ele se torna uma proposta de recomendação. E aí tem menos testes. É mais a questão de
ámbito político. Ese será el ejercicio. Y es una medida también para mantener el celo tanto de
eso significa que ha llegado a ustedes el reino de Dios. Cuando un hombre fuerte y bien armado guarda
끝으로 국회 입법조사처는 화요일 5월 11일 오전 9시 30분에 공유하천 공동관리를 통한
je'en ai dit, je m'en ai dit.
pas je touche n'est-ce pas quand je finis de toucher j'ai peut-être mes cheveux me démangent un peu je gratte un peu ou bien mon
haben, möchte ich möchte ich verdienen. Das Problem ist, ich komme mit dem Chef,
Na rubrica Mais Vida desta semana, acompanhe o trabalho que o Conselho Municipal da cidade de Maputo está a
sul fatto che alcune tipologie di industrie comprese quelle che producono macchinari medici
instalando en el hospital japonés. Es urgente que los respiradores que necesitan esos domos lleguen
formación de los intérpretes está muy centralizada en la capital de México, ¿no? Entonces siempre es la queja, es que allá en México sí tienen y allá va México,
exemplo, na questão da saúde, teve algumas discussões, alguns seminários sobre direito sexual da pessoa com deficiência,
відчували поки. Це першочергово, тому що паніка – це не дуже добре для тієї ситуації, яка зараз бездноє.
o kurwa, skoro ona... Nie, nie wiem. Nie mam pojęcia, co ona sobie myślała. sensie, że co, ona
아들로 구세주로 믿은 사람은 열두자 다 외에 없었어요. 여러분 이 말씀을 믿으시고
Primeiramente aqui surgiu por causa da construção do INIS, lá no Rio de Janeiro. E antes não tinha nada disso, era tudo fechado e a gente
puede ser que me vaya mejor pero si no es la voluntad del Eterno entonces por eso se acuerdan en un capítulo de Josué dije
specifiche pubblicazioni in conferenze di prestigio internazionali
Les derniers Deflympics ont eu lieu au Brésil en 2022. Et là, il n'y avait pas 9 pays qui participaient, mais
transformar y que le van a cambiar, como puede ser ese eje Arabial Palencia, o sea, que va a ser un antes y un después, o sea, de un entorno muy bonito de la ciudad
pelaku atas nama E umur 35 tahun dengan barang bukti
_ _ _ _
▶ [Goal of the exercise] Lines wanted from the listing above: the line with "eso significa que" up to and including the line with "haben, möchte ich". Please write them out exactly, adding nothing else.

▶ [Output of the task]
eso significa que ha llegado a ustedes el reino de Dios. Cuando un hombre fuerte y bien armado guarda
끝으로 국회 입법조사처는 화요일 5월 11일 오전 9시 30분에 공유하천 공동관리를 통한
je'en ai dit, je m'en ai dit.
pas je touche n'est-ce pas quand je finis de toucher j'ai peut-être mes cheveux me démangent un peu je gratte un peu ou bien mon
haben, möchte ich möchte ich verdienen. Das Problem ist, ich komme mit dem Chef,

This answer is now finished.